Calculate The Double Integral Y 2 Y 1

Double integrals are used to calculate quantities that depend on two variables, such as area, volume, mass, and probability. This guide explains how to set up and evaluate double integrals with limits y2 and y1.

What is a Double Integral?

A double integral extends the concept of a single integral to two dimensions. It calculates the volume under a surface defined by a function of two variables, bounded by curves in the xy-plane.

The general form of a double integral is:

∫∫_R f(x,y) dA = ∫_a^b [∫_y1(x)^y2(x) f(x,y) dy] dx

Where:

f(x,y) is the integrand function
R is the region of integration
y1(x) and y2(x) are the lower and upper bounds for y
a and b are the lower and upper bounds for x

How to Calculate a Double Integral

Step 1: Set Up the Integral

First, determine the region of integration R and express the bounds for y in terms of x. Then set up the iterated integral:

∫_a^b ∫_y1(x)^y2(x) f(x,y) dy dx

Step 2: Integrate with Respect to y

Evaluate the inner integral with respect to y, treating x as a constant. The result will be a function of x only.

Step 3: Integrate with Respect to x

Evaluate the outer integral with respect to x using the result from Step 2.

Step 4: Interpret the Result

The final result represents the volume under the surface f(x,y) over the region R.

Note: The order of integration can sometimes be reversed if the region R is described differently. Always verify the region's description before setting up the integral.

Example Calculation

Let's calculate the double integral of f(x,y) = x² + y² over the region bounded by y = x, y = √x, x = 1, and x = 4.

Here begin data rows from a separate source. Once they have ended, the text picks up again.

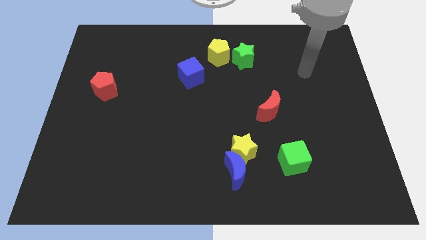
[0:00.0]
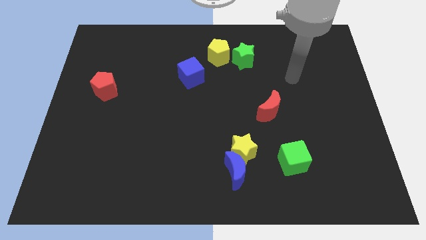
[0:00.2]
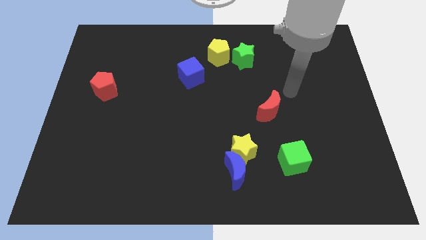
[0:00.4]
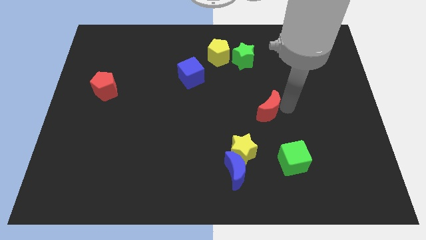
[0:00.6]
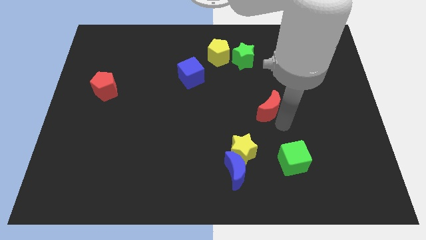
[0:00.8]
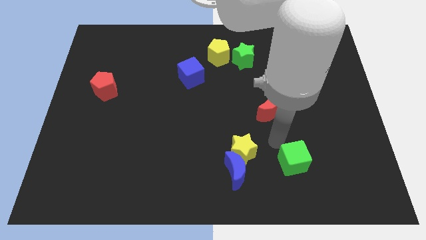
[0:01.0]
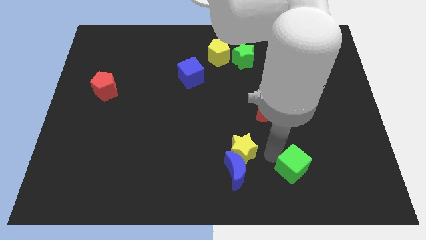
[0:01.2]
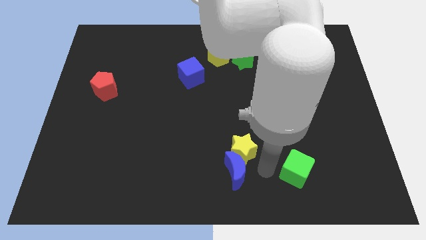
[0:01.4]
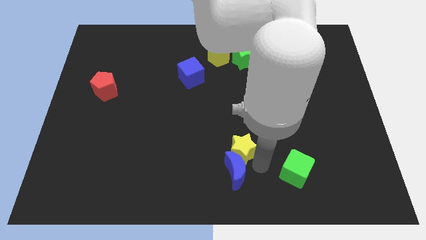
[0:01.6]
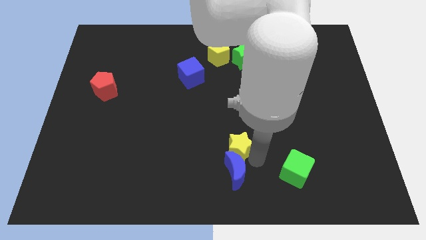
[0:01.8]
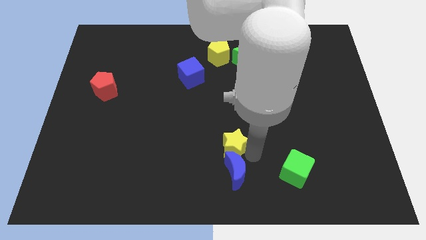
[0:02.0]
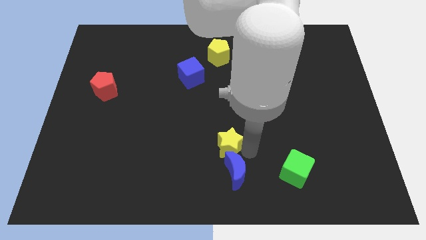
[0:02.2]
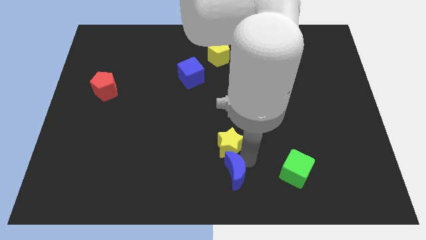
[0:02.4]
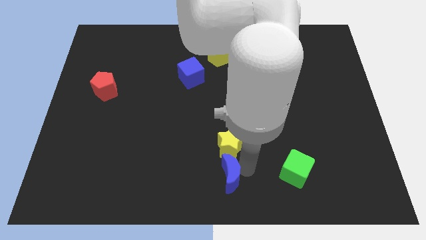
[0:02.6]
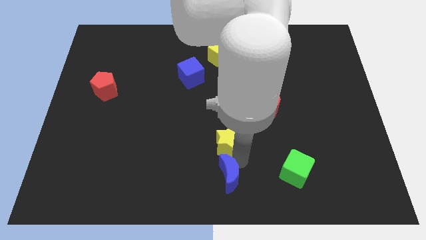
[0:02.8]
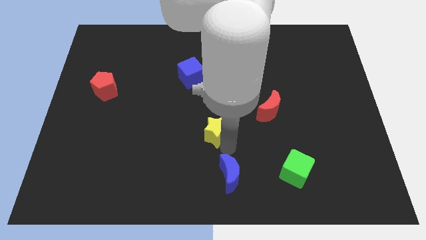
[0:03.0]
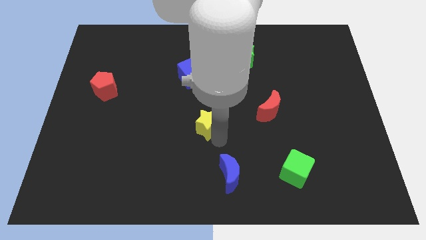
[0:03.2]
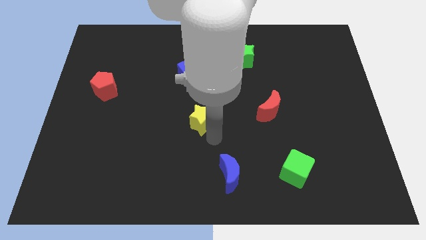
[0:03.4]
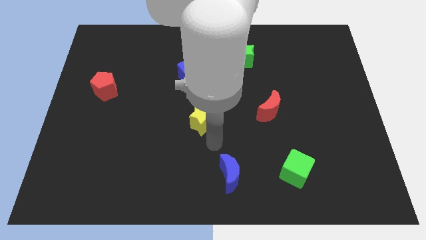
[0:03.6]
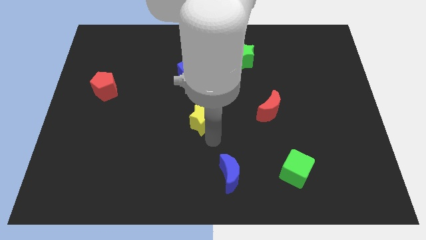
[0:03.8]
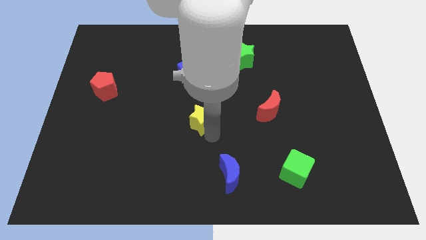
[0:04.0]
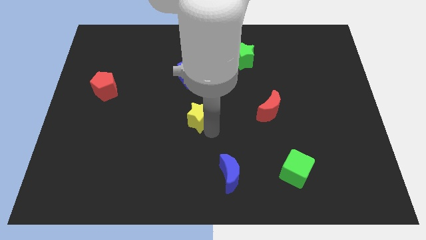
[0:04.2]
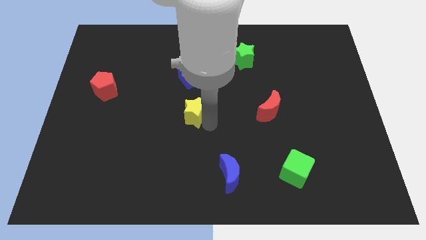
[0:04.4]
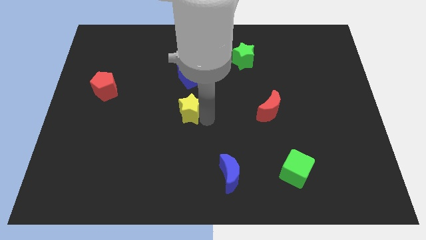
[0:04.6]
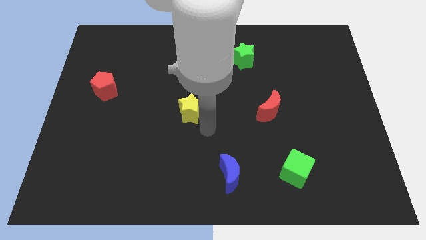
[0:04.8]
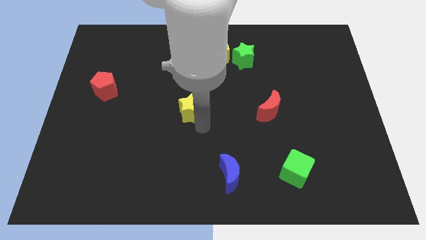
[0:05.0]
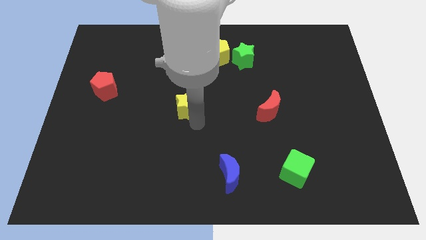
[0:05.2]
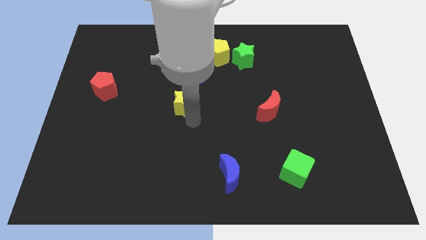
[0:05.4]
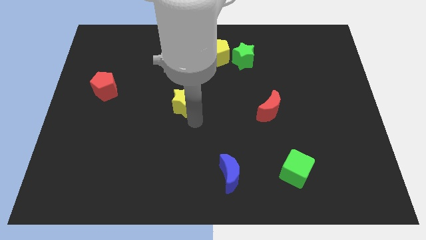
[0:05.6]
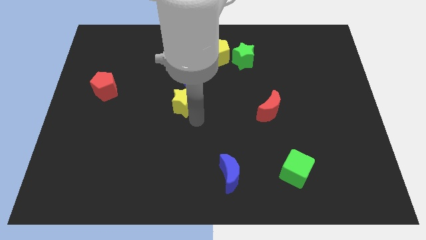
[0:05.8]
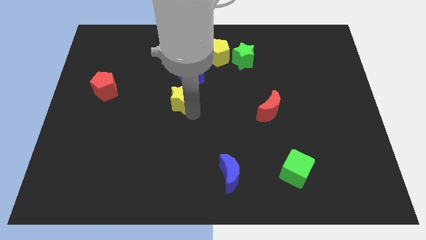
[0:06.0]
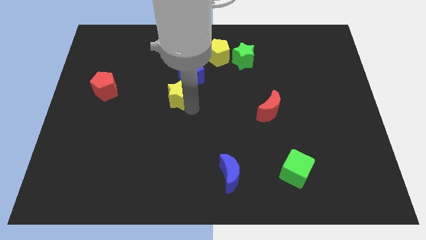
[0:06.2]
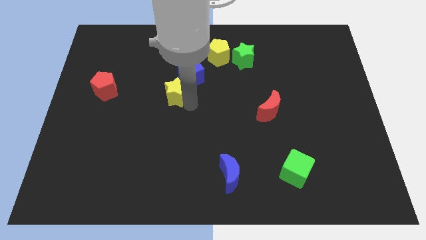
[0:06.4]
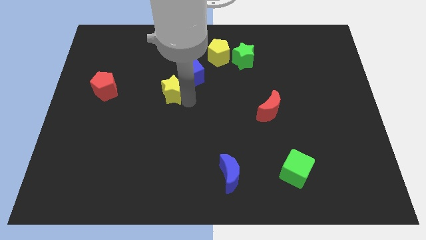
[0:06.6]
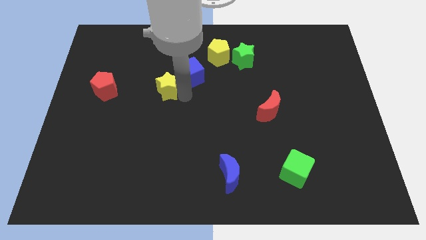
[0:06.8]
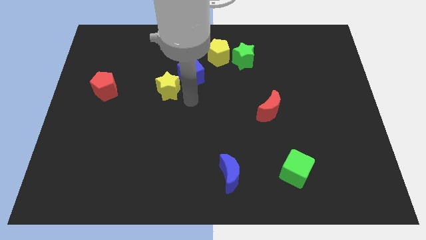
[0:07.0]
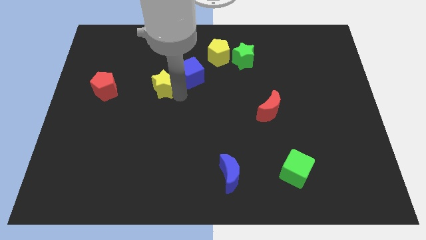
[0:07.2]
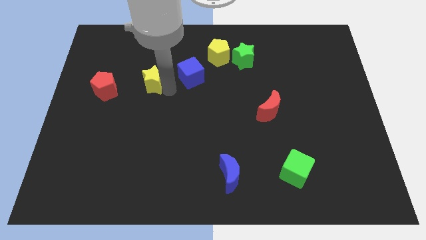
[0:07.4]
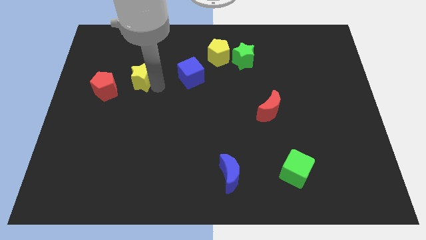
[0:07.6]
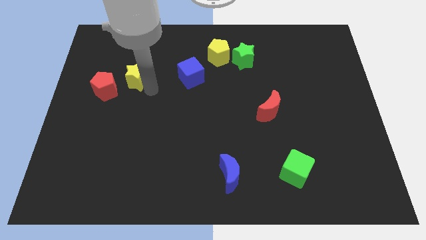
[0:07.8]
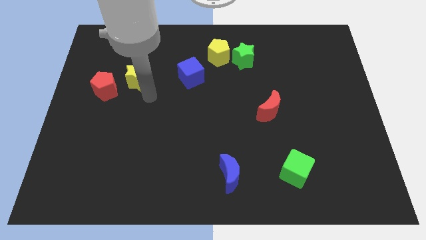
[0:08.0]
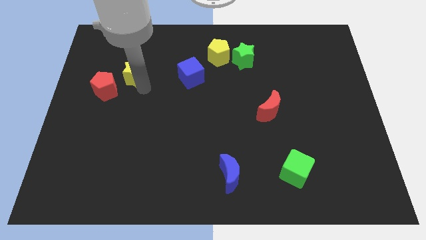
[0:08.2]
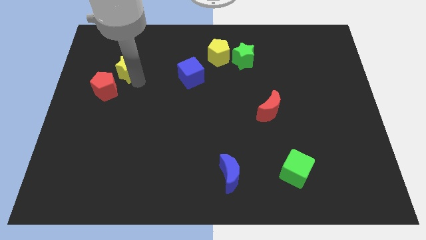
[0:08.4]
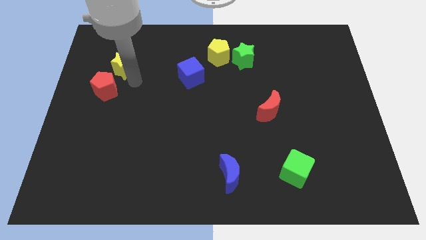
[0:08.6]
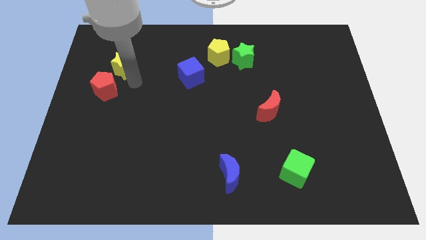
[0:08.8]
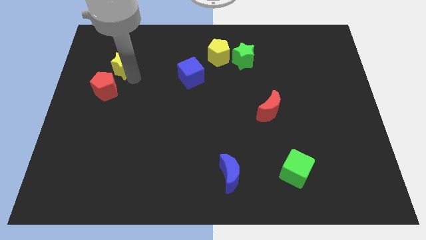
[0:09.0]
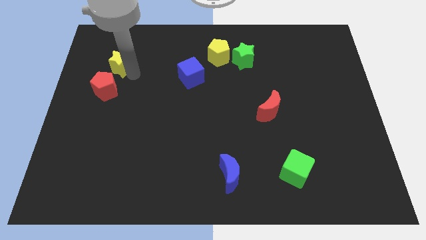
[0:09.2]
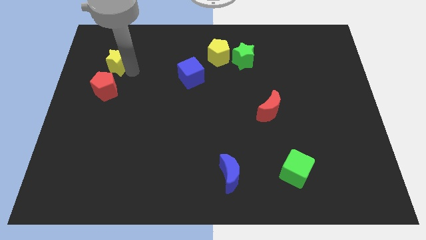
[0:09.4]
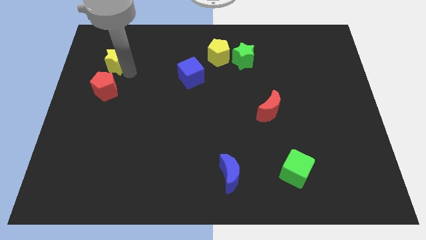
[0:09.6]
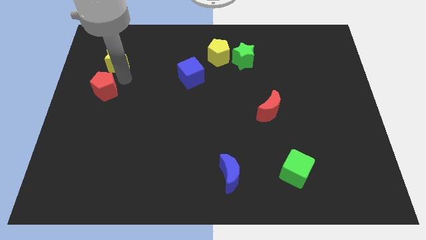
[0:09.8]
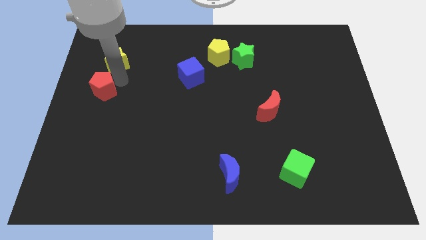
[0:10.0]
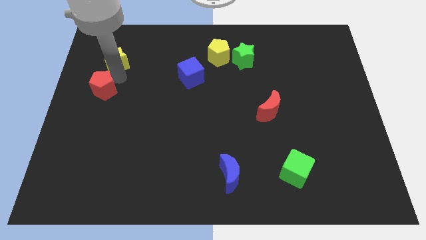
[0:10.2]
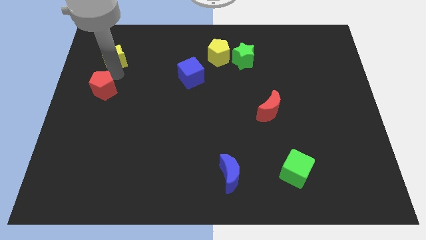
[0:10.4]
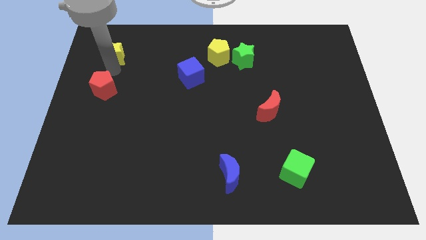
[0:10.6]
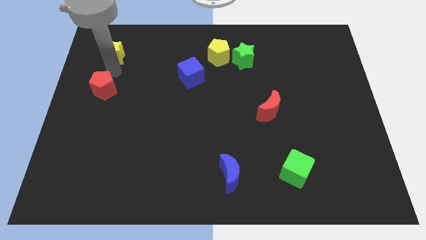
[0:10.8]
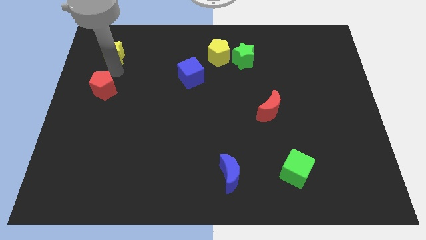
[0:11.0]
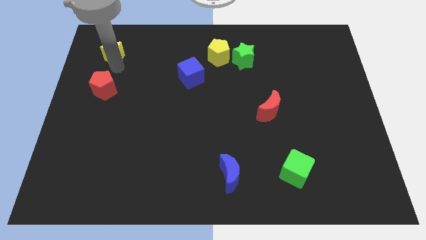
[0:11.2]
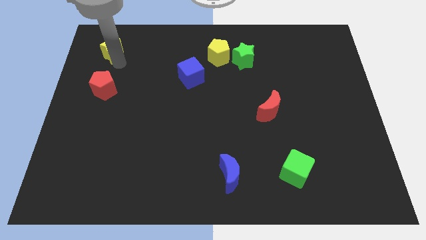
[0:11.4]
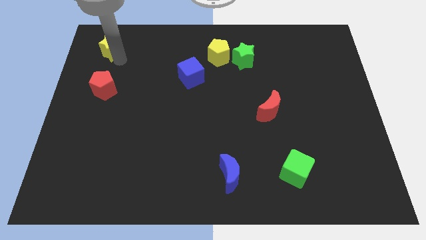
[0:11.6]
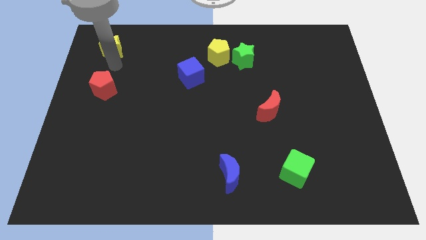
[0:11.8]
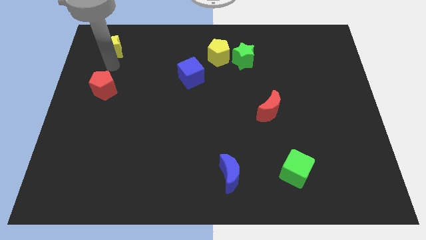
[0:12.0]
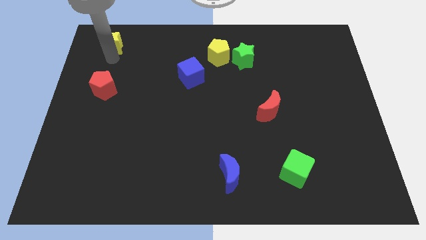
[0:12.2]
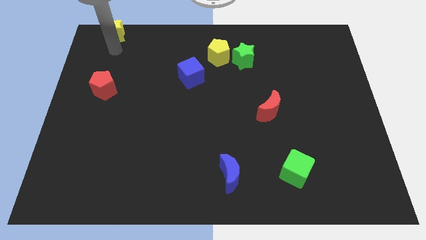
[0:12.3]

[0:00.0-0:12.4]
push the yellow star to the top left corner

Step 1: Set Up the Integral

∫₁⁴ ∫_x^√x (x² + y²) dy dx

Step 2: Integrate with Respect to y

∫_x^√x (x² + y²) dy = [x²y + (y³)/3]_x^√x = x³ + (x³)/3 - (x³)/3 = x³

Step 3: Integrate with Respect to x

∫₁⁴ x³ dx = [x⁴/4]₁⁴ = (4⁴)/4 - (1⁴)/4 = 256/4 - 1/4 = 64 - 0.25 = 63.75

Final Result

The value of the double integral is 63.75.

Common Applications

Double integrals are used in various fields including:

Calculating areas and volumes in physics and engineering
Determining mass and density distributions in physics
Computing probabilities in statistics
Analyzing heat flow and fluid dynamics in engineering

Application	Description
Physics	Calculating work done by variable forces or potential energy
Engineering	Determining centroids, moments of inertia, and stress distributions
Statistics	Computing joint probability distributions

FAQ

What is the difference between single and double integrals?

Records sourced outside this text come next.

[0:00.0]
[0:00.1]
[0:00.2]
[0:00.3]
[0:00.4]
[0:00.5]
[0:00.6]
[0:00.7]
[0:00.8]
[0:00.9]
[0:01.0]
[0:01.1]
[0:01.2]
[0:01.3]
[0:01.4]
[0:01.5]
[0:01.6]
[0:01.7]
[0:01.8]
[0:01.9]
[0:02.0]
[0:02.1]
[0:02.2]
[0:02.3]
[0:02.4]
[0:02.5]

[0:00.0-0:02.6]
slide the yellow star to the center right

A single integral calculates quantities that depend on one variable (like area under a curve), while a double integral calculates quantities that depend on two variables (like volume under a surface).

When should I use a double integral instead of a single integral?

Use a double integral when you need to calculate a quantity that depends on two variables, such as volume, mass, or probability over a two-dimensional region.

How do I determine the order of integration?

The order of integration depends on how the region of integration is described. You can often reverse the order if the region is described differently, but you must adjust the bounds accordingly.

What if my function is not continuous over the region?

If the function is not continuous, you may need to split the region into subregions where the function is continuous and evaluate the integral separately for each subregion.